Impact of Higher Minimum Wage

On 18 April, President Muhammadu Buhari signed into law the Minimum Wage Repeal and Re-Enactment Act 2019, which prescribes an upward adjustment in national minimum wage to N30,000/month (US$83.3)from N18,000 (US$50.0).

The 67 percent increase in minimum wage follows months of agitation by the labour union which, in our view, is not misplaced, considering the purchasing power of the previous minimum wage more than halved between 2011 and 2018.

Nigeria’s labour productivity barely grew within the period, with data from the National Bureau of Statistics (NBS) showing per unit labour productivity (real output of employed population per hour) grew in real terms at a rather underwhelming Compound annual growth rate of 1.2 percent between 2011 and 2016.

However, our analysis reveals labour unit cost (real compensation of employed population per hour) fell at an annual rate of 4.2 percent within the same period. This implies that unit labour cost has not kept up with the modest growth in productivity since the previous minimum wage was passed in 2011.

 

Impact on medium term growth limited by slack labour market and weak fiscal revenues

Although we expect the increase in minimum wage to have a positive knock-on impact on consumption expenditure-which has stagnated in recent years -the policy falls short of deeper fiscal and economic reforms required to lift medium growth outlook above 3 percent level.

Our conclusion rests on two arguments. First, the capacity of the Federal Government (FG) and sub-nationals to fund higher personnel costs without reducing public investment in human and physical capital is limited.

This is against the backdrop of unresolved revenue challenges, reflected in limited fiscal space to raise aggregate expenditure or significantly increase deficit spending. Secondly, the private sector will struggle to implement the new minimum wage in the interim, considering that the timing of the wage increase coincides with a period of weak corporate profit and slack labour market.

According to NBS data, unemployment rate rose to a record high in the third quarter of 2018 (23.1%) while operating surplus in the economy weakened in 2017 and first half of 2018 by 2.1 percent year-on-year and 3.0 percent year-on-year respectively.

Given the minimum wage is targeted at employers in the formal sector with more than 25 employees, voluntary compliance by the larger informal sector (estimated at 50-60 percent of GDP) will likely be low until the recovery in the economy gains momentum.
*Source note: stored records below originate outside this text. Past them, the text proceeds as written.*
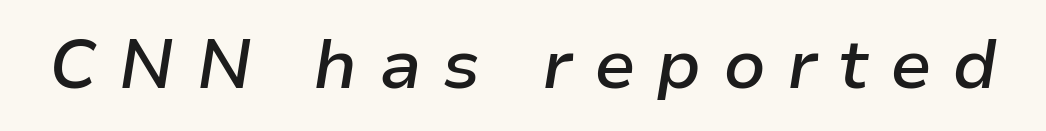
Q: Is the text bold? A: Semi-bold.
Q: Is the text italic (slanted)? A: Yes, it leans right by about 9 degrees.
Q: Is the text underlined? A: No.
Q: Is the spacing between letters normal or unusually wide? A: Unusually wide.
Q: Width (condensed, normal, or wide)? A: Normal.
Q: Stroke contrast? A: Low.
Q: x-height? A: Medium.
Q: Monospaced? A: No.
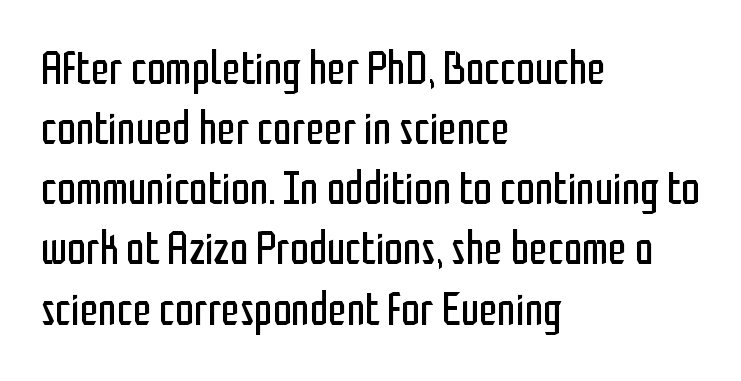
Underlining? Definitely not there. The typesetter chose a ragged-right arrangement here. The weight would be labelled regular, book, light, or lighter still. Spacing verdict: proportional, widths tailored to each character.
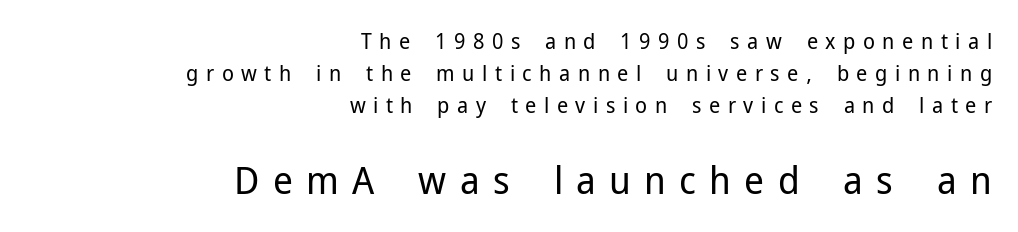
Which chunk is bigger? The second one — the bottom block dwarfs the top. The compositor pushed each line to the right boundary. Ascenders rise straight up at ninety degrees. Each word looks stretched out because of the extra space between its letters. The rendering uses natural spacing where letterforms have individual widths. Type without underlining.
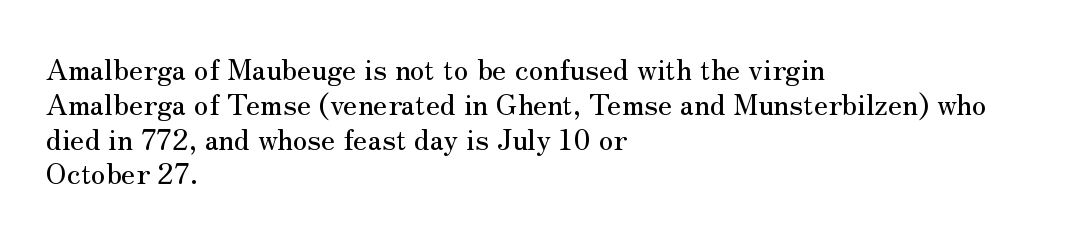
The image shows 29 px serif type, upright; set left-aligned, line spacing 1.2x, normal letter spacing, not underlined; medium stroke contrast and a small x-height.

As we noted in our fiscal policy update last week, the impact of the increase in the minimum wage on the FG’s budget might not be substantial (current estimate –N200bn) as the wage increase will likely be passed on moderately on other salary grades. A much higher jump in minimum wage in 2011 (+140% to N18,000 from N7,500) resulted in a 16 percent or N245.76bn increase in personnel cost over 2-years post-implementation.
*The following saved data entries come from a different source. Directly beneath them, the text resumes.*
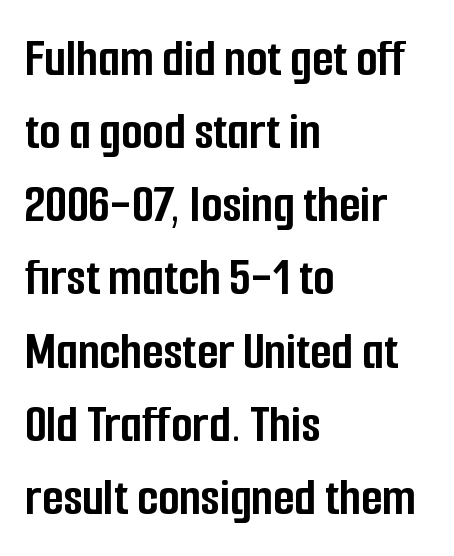
Q: Is the text bold? A: Yes.
Q: Is the text italic (slanted)? A: No, it is upright.
Q: Is the typeface a serif or a sans-serif typeface? A: Sans-serif.
Q: Is the text underlined? A: No.
Q: How is the paragraph aligned? A: Left-aligned.
Q: Is the spacing between letters normal or unusually wide? A: Normal.
Q: Is the spacing between lines tight, normal or loose? A: Normal.
Q: Width (condensed, normal, or wide)? A: Condensed.
Q: Stroke contrast? A: Low.
Q: x-height? A: Medium.
Q: Monospaced? A: No.
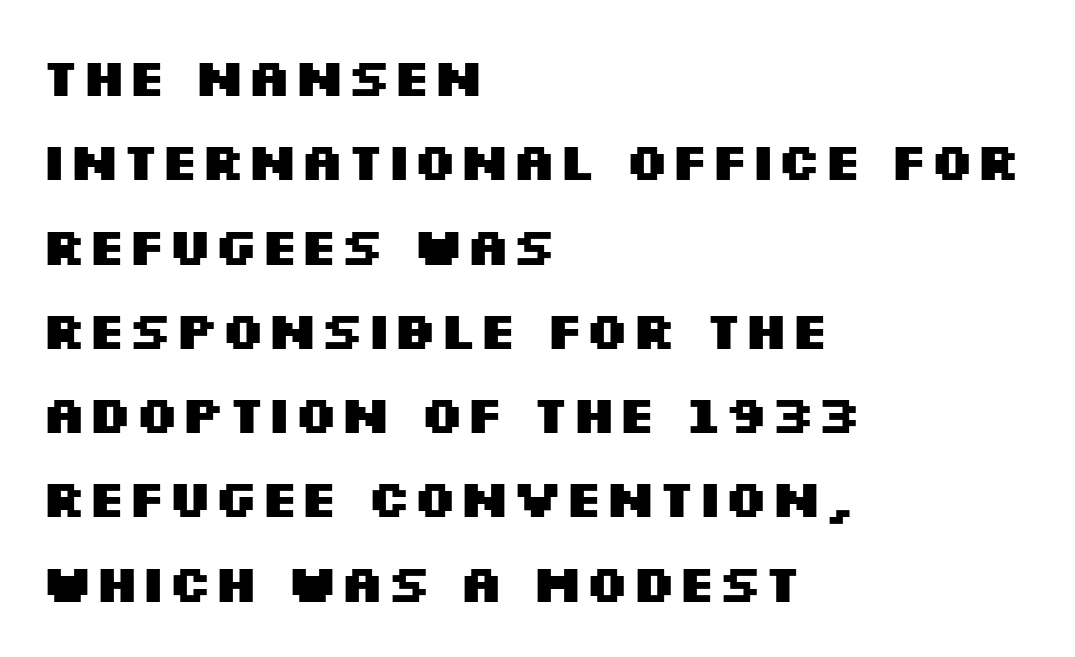
{"serif": "no", "italic": "no", "bold": "yes", "weight": "heavy", "width": "wide", "stroke_contrast": "medium", "x_height": "large", "monospaced": "no", "underline": "no", "align": "left", "line_spacing": "normal", "line_spacing_ratio": 1.59, "letter_spacing": "normal", "letter_spacing_em": 0.0, "glyph_px": 53}
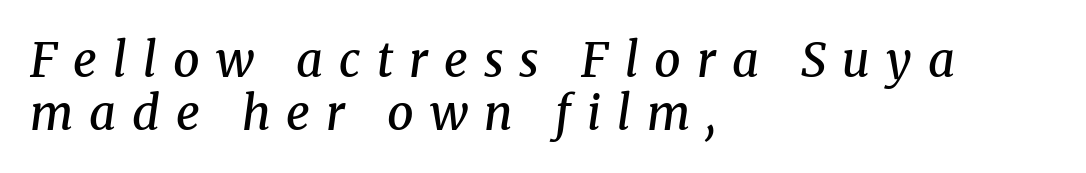
{"serif": "yes", "italic": "yes", "lean": "right", "slant_degrees": 8, "bold": "semi", "weight": "semibold", "width": "normal", "stroke_contrast": "medium", "x_height": "medium", "monospaced": "no", "underline": "no", "align": "left", "line_spacing": "tight", "line_spacing_ratio": 1.12, "letter_spacing": "wide", "letter_spacing_em": 0.34, "glyph_px": 47}
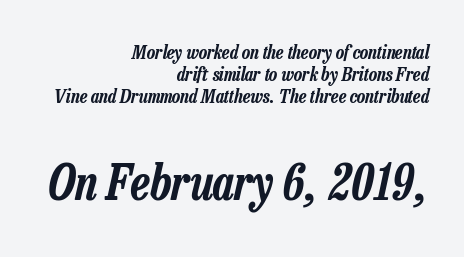
The image shows 48 px condensed type, italic (leaning right); set right-aligned, line spacing 1.17x, normal letter spacing, not underlined; the second (bottom) block is 2.53x larger; low stroke contrast and a medium x-height.
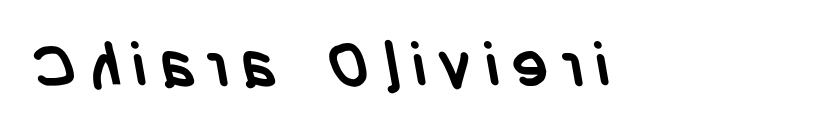
Do the characters align in a grid? No, the font is proportional. In terms of letterform style, serifs are entirely absent. The rendering uses a bold face; every stroke is thick and dark. This rendering features lettering with no underline.
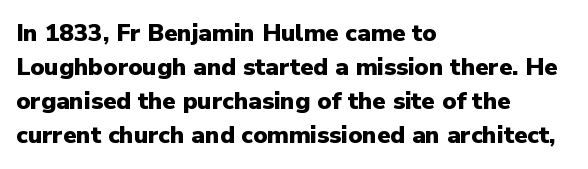
Q: Is the text bold? A: Yes.
Q: Is the text italic (slanted)? A: No, it is upright.
Q: Is the text underlined? A: No.
Q: How is the paragraph aligned? A: Left-aligned.
Q: Is the spacing between letters normal or unusually wide? A: Normal.
Q: Is the spacing between lines tight, normal or loose? A: Normal.
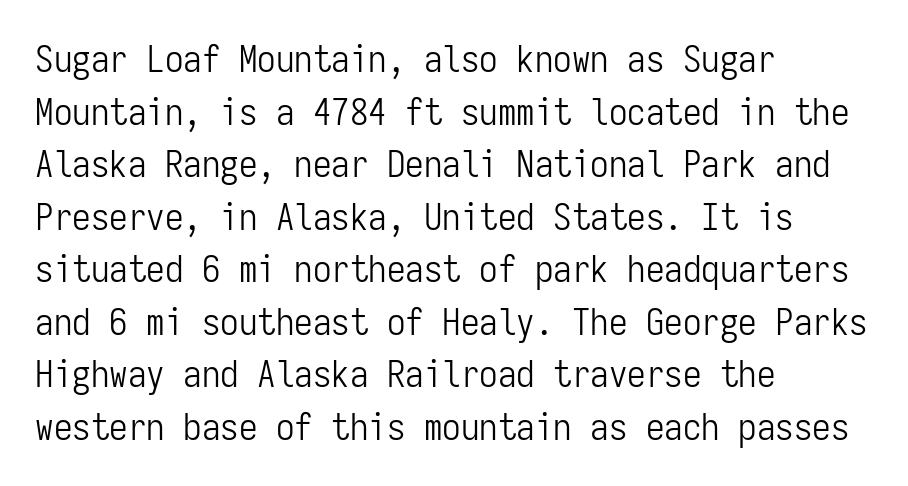
The image shows 37 px light, condensed sans-serif type, upright, monospaced; set left-aligned, normal line spacing (1.42x), normal letter spacing, not underlined; low stroke contrast and a medium x-height.

In addition, the Federal Government can continue to rely on access to deeper and diversified funding sources (either through monetary financing, local and external debt market) to continue to meet higher operating expenditure (OPEX) obligations.

Sub-nationals, however, do not have the same luxury. According to BudgIT, 18 out of 36 states were unable to cash-back recurrent expenditure with revenues generated (Federation Accounts Allocation Committee (FAAC) and Internally Generated Revenue) over first half of 2018.

As such, our baseline expectation is that compliance by sub-nationals (states and local governments) will be underwhelming at first, while there may be aggressive push by state governors for revenue measures (VAT increase or removal of petrol subsidy) to create fiscal headroom for funding higher OPEX.

 

The productivity question: balancing funding for higher wages with investment financing needs

With the FG likely to delay aggressive revenue measures until a new cabinet is formed in the fourth quarter of 2019 to 2020, the more likely scenario is for fiscal authorities to continue to prioritize personnel expenses over capital expenditure and human capital investment.

The downside to this is the longer term feedback on economic productivity and competitiveness. Nigeria’s labour productivity seems to have stalled over the last decade and barely kept pace with frontier markets in Asia and East Africa.

According to data compiled from the International Labour Organization (ILO), Nigeria’s output per capita (GDP constant 2010 US$) grew at a CAGR of 0.4 percent between 2011 and 2018, slightly ahead of Sub Saharan Africa (SSA) region (+0.3%) but behind high growth markets in Asia (ASEAN: +3.7%) and East Africa (Kenya: +1.9%, Rwanda: +4.0% and Ethiopia: +5.6%).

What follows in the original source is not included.